Work request: Copy exactly the lines of the records below, and only those lines, beginning with the line that contains "#2700 = EDGE_CURVE" and ending with the line that contains "#3168 = CARTESIAN_POINT".

Supplied information:

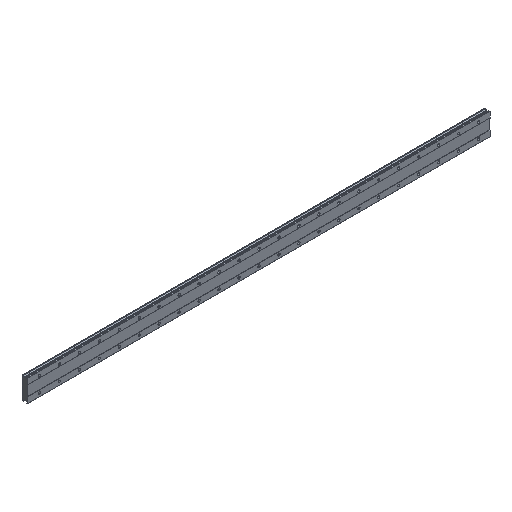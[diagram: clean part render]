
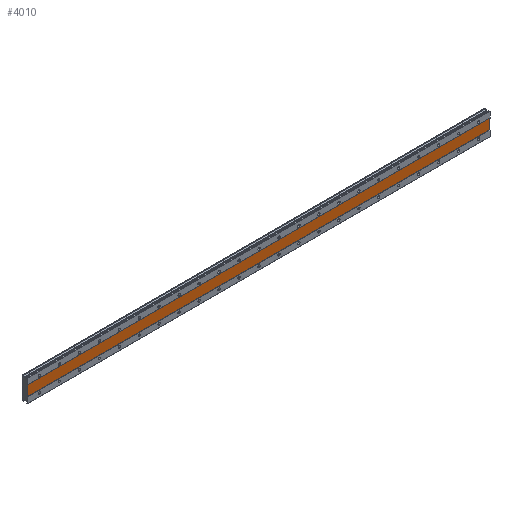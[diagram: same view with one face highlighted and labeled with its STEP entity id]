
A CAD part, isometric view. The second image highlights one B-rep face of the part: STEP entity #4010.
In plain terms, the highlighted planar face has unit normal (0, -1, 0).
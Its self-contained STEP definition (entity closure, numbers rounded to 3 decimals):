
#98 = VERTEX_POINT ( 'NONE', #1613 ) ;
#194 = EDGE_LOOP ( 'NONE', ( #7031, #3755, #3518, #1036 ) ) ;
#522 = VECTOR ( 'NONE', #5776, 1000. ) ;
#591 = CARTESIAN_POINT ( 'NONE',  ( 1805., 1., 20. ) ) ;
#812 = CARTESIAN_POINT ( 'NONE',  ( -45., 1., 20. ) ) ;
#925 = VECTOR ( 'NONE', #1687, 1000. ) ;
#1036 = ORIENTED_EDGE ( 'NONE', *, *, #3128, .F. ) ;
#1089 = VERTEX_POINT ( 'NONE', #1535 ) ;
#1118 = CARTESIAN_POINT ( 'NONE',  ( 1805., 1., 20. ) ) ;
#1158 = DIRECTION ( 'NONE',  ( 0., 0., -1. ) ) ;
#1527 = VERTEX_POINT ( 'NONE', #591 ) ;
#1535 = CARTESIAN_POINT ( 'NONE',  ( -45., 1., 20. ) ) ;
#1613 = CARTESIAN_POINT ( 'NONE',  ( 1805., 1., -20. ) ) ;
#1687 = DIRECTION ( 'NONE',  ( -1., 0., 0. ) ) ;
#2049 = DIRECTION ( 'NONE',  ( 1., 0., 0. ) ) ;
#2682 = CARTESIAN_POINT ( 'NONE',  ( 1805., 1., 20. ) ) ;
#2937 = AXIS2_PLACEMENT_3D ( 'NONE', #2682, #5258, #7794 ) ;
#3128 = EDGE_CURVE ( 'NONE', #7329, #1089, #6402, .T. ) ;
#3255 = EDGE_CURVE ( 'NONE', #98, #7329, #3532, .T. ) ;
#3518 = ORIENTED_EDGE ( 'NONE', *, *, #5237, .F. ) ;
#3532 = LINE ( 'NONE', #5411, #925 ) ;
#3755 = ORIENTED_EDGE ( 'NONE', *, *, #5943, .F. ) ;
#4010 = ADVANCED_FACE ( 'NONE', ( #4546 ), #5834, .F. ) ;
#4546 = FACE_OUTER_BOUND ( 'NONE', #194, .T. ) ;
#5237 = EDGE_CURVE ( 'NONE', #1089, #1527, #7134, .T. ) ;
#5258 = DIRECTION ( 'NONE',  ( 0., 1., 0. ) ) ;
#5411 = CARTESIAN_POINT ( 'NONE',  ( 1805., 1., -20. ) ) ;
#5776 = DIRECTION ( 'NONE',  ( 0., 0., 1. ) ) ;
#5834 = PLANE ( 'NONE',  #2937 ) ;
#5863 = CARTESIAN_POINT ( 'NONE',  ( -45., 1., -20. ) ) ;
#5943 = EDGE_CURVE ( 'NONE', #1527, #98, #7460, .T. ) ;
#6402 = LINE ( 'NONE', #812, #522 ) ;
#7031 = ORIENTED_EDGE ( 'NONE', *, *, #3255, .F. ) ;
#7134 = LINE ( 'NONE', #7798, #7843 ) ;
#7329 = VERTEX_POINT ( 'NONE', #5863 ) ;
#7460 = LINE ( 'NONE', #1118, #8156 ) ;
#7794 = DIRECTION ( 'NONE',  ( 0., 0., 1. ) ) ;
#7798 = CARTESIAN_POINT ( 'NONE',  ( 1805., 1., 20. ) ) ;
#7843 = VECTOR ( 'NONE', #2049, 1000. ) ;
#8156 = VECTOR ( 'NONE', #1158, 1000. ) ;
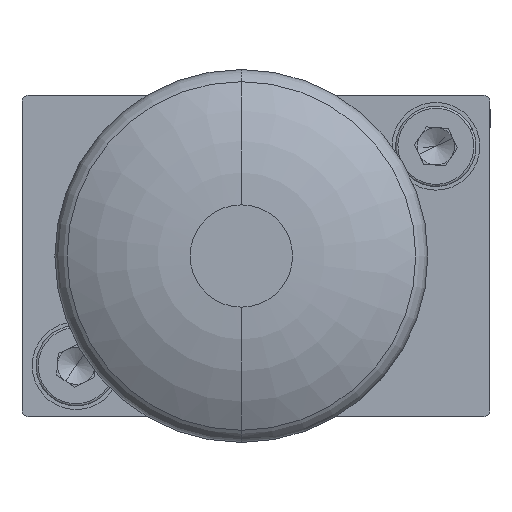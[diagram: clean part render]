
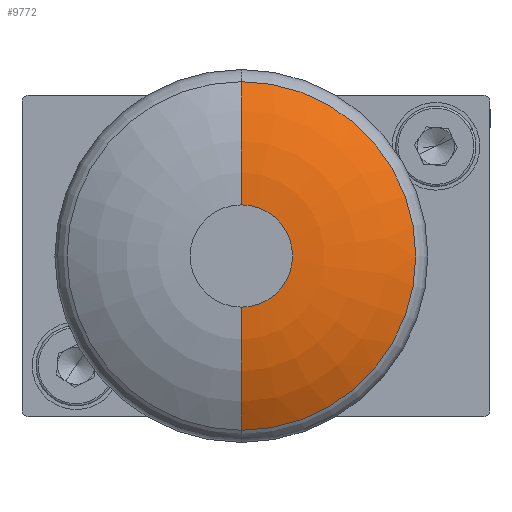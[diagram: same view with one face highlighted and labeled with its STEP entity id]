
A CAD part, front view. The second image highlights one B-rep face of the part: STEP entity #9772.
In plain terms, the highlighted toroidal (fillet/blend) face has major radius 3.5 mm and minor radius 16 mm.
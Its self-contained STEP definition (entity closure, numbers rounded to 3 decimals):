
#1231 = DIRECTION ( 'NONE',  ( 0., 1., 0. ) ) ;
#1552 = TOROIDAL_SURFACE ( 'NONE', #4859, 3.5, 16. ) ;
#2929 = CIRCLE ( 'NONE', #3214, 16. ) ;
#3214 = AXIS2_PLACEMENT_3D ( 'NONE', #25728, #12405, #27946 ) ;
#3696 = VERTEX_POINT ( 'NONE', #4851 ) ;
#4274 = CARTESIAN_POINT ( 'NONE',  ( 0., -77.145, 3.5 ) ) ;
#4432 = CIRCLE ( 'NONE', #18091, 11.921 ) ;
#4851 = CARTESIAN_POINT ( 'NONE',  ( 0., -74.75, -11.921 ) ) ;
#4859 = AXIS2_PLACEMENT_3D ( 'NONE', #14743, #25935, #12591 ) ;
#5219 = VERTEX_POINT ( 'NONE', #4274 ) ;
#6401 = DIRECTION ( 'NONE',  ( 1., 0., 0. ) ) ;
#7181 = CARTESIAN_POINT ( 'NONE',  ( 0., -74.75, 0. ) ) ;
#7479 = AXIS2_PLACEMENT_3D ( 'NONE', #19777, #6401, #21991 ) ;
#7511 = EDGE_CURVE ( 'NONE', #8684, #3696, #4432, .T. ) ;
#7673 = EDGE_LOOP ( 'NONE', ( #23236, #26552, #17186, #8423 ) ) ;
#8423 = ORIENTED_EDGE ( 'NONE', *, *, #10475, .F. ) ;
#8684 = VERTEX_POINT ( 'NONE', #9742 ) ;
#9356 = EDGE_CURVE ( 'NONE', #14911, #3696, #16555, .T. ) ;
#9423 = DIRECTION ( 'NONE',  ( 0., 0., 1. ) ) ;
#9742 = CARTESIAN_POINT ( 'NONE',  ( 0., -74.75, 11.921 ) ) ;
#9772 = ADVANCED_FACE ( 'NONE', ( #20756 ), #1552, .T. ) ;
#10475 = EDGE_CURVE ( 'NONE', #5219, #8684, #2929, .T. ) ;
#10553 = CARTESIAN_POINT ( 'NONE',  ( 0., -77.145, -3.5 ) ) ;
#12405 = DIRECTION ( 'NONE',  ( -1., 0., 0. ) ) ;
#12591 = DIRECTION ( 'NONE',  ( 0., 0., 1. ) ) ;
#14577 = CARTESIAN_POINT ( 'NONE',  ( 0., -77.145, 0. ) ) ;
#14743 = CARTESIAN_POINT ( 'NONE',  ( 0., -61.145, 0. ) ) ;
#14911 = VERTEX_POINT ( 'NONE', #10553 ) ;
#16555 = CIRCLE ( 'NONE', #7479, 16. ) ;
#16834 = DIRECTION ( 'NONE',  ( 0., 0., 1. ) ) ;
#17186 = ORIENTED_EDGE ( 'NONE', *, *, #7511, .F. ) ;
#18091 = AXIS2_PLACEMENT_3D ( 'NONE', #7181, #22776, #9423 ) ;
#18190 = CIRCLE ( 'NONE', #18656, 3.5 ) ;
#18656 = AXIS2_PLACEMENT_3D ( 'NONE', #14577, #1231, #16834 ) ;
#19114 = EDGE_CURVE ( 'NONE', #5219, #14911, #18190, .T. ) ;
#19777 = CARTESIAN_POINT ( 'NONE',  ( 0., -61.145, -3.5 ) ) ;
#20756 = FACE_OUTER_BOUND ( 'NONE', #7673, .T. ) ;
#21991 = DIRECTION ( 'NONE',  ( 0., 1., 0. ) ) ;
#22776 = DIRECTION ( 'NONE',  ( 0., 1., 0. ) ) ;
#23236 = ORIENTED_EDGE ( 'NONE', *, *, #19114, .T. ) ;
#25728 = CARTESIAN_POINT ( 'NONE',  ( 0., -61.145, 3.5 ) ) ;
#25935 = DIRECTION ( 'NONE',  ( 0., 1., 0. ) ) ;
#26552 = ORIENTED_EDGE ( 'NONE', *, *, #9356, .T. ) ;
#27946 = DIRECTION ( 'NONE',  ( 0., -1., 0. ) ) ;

...

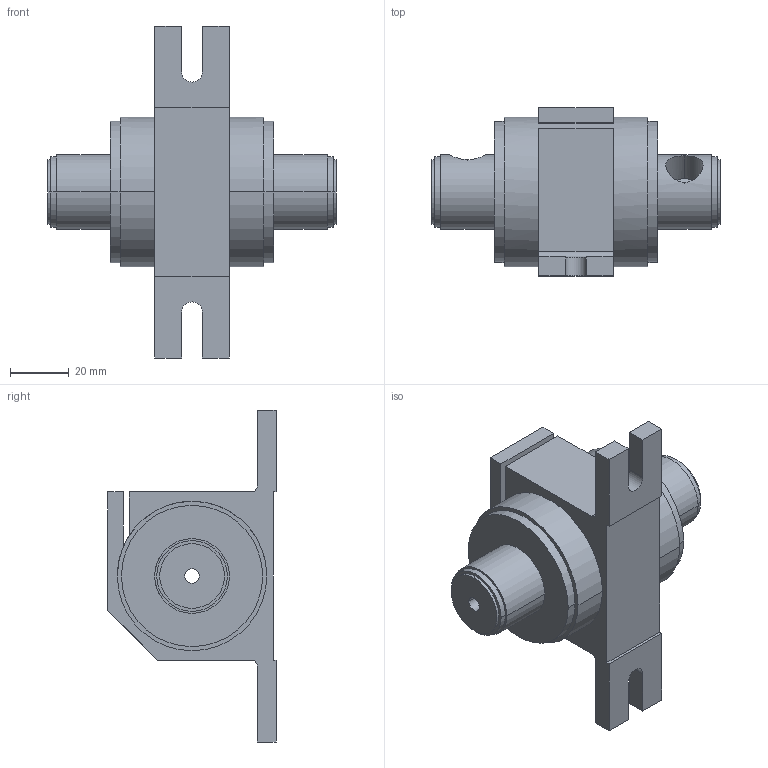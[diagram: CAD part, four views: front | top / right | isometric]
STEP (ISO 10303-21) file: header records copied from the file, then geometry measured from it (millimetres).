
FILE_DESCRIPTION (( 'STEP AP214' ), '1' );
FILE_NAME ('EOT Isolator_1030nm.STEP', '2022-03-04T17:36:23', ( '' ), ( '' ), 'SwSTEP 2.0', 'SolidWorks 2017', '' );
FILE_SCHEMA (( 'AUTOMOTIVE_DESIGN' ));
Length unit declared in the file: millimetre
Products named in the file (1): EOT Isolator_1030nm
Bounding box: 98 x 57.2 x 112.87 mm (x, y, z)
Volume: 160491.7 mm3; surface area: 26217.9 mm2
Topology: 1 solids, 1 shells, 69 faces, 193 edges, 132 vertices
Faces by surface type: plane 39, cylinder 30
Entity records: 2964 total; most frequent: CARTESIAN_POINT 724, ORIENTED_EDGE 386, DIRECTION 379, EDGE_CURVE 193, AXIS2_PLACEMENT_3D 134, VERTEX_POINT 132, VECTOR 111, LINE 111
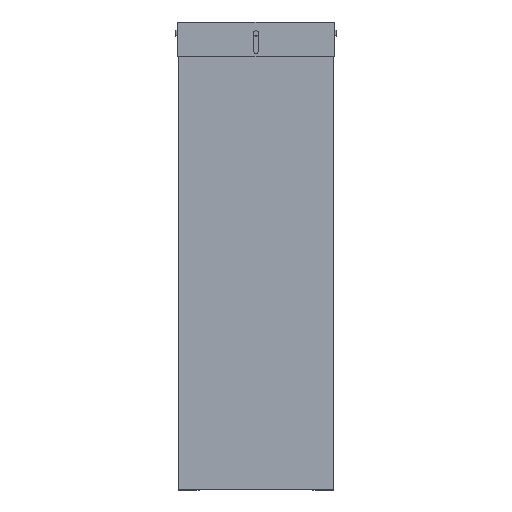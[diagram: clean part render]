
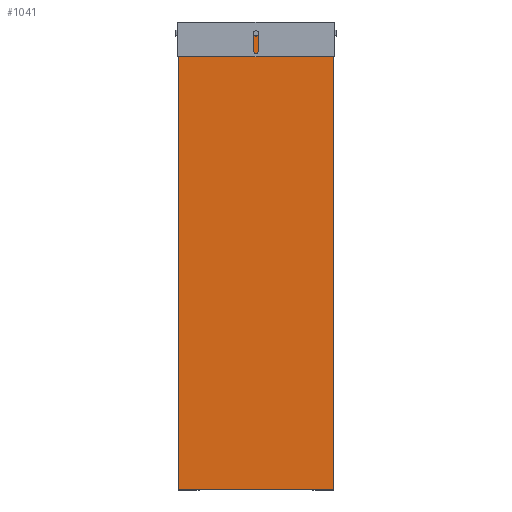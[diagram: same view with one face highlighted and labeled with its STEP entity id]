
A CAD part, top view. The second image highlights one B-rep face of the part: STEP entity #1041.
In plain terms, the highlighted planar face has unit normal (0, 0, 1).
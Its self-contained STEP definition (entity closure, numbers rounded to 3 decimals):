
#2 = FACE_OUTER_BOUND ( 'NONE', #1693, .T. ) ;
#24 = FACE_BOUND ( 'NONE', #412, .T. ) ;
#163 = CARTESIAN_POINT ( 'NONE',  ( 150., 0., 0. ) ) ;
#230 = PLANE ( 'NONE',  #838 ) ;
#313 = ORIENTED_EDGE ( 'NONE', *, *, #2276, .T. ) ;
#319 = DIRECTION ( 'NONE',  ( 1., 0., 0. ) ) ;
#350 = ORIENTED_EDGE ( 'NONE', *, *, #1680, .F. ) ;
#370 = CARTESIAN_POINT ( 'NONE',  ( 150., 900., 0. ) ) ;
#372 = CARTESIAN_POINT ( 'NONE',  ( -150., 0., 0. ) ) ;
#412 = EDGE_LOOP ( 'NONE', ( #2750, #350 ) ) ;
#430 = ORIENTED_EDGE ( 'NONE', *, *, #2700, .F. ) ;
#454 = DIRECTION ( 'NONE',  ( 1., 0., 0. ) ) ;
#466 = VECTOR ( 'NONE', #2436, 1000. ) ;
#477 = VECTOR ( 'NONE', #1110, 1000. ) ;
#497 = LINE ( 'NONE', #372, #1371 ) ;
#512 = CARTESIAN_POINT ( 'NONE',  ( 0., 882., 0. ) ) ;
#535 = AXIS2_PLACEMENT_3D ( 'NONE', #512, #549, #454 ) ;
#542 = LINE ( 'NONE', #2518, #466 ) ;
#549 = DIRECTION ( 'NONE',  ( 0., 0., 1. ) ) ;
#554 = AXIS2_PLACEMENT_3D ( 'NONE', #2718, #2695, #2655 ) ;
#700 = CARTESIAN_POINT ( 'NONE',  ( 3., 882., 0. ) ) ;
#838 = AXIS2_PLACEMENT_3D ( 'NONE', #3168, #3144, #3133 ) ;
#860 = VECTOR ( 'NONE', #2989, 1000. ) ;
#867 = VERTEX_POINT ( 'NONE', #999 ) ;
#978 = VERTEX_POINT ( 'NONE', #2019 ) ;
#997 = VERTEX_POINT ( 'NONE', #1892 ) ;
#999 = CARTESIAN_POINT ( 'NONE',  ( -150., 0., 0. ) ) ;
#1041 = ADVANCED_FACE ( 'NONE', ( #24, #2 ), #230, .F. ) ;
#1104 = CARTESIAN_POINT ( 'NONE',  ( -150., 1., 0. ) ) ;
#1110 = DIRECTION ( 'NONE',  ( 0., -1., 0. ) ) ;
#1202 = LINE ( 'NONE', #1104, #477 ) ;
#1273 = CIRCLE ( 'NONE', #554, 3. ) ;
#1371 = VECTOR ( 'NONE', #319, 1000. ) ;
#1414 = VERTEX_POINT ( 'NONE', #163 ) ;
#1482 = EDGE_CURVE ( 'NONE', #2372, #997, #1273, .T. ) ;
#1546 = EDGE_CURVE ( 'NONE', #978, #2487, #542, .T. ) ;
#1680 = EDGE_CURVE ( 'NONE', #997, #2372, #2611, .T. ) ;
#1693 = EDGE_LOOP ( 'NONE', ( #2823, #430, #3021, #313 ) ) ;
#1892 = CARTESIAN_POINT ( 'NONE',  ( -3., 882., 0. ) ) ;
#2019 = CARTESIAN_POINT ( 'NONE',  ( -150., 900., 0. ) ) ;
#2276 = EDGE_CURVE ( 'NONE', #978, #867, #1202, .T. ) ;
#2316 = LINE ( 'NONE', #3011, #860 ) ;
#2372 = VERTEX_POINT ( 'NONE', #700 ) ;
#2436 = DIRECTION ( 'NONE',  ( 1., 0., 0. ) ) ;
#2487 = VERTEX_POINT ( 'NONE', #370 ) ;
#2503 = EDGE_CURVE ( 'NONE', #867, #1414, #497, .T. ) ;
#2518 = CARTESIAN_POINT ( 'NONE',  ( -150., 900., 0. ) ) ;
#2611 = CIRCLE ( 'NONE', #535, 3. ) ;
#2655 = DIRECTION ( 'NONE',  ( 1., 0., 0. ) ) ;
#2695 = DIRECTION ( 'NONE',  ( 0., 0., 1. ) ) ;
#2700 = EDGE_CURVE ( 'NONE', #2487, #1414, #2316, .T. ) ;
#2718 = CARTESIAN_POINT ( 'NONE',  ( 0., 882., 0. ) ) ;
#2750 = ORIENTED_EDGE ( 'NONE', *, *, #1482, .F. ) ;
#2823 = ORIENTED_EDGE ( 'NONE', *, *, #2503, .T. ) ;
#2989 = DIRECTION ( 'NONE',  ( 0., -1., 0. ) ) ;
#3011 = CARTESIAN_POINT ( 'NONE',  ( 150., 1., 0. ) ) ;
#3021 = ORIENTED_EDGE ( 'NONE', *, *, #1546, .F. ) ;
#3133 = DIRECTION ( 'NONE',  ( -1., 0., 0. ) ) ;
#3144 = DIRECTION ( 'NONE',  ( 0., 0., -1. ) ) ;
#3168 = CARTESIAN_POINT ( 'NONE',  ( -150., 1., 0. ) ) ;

Answer section:
#2700 = EDGE_CURVE ( 'NONE', #2487, #1414, #2316, .T. ) ;
#2718 = CARTESIAN_POINT ( 'NONE',  ( 0., 882., 0. ) ) ;
#2750 = ORIENTED_EDGE ( 'NONE', *, *, #1482, .F. ) ;
#2823 = ORIENTED_EDGE ( 'NONE', *, *, #2503, .T. ) ;
#2989 = DIRECTION ( 'NONE',  ( 0., -1., 0. ) ) ;
#3011 = CARTESIAN_POINT ( 'NONE',  ( 150., 1., 0. ) ) ;
#3021 = ORIENTED_EDGE ( 'NONE', *, *, #1546, .F. ) ;
#3133 = DIRECTION ( 'NONE',  ( -1., 0., 0. ) ) ;
#3144 = DIRECTION ( 'NONE',  ( 0., 0., -1. ) ) ;
#3168 = CARTESIAN_POINT ( 'NONE',  ( -150., 1., 0. ) ) ;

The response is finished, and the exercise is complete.